Assignment:
Within the entries underneath, how many lines include the string "weight"? State only the number.

══ Exercise materials

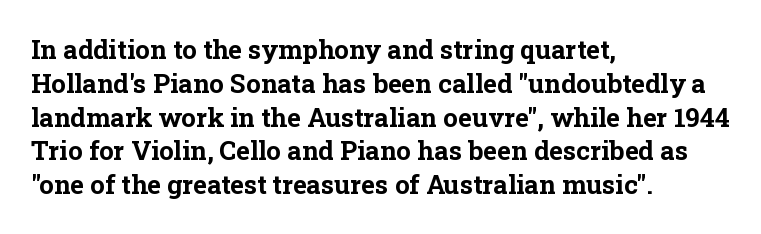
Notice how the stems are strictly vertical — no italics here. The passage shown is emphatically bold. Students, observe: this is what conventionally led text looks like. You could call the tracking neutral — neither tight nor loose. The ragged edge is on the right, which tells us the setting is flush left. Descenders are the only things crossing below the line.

════
══ Exercise materials

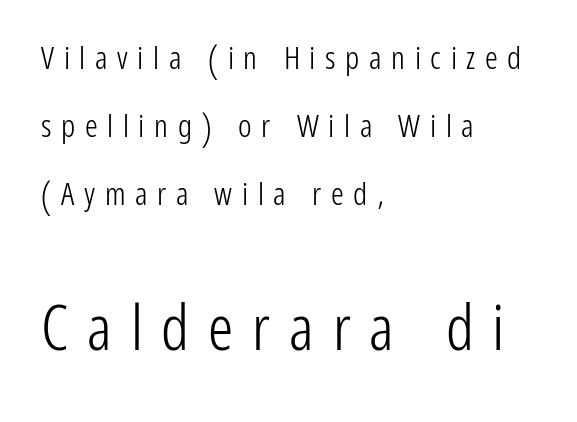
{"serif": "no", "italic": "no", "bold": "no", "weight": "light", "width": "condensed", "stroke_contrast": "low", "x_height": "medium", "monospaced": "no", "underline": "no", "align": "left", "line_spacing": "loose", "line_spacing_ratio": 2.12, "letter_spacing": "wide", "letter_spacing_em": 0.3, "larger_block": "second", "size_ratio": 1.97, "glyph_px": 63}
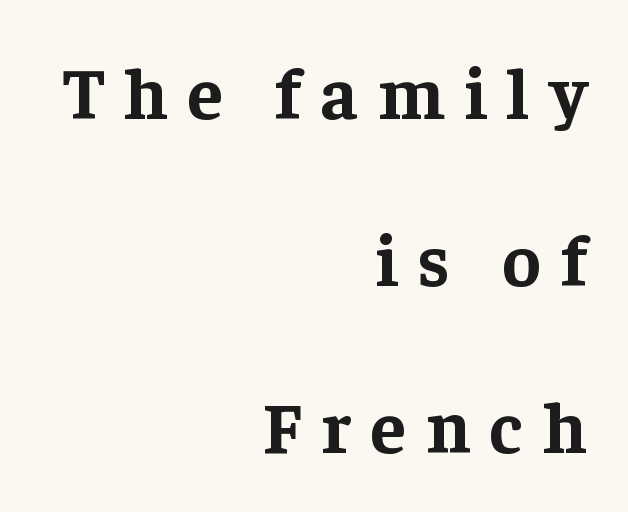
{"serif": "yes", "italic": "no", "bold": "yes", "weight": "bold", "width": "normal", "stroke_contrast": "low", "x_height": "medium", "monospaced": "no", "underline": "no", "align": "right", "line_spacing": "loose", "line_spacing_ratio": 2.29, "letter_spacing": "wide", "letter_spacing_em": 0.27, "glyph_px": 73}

════

Output below:
2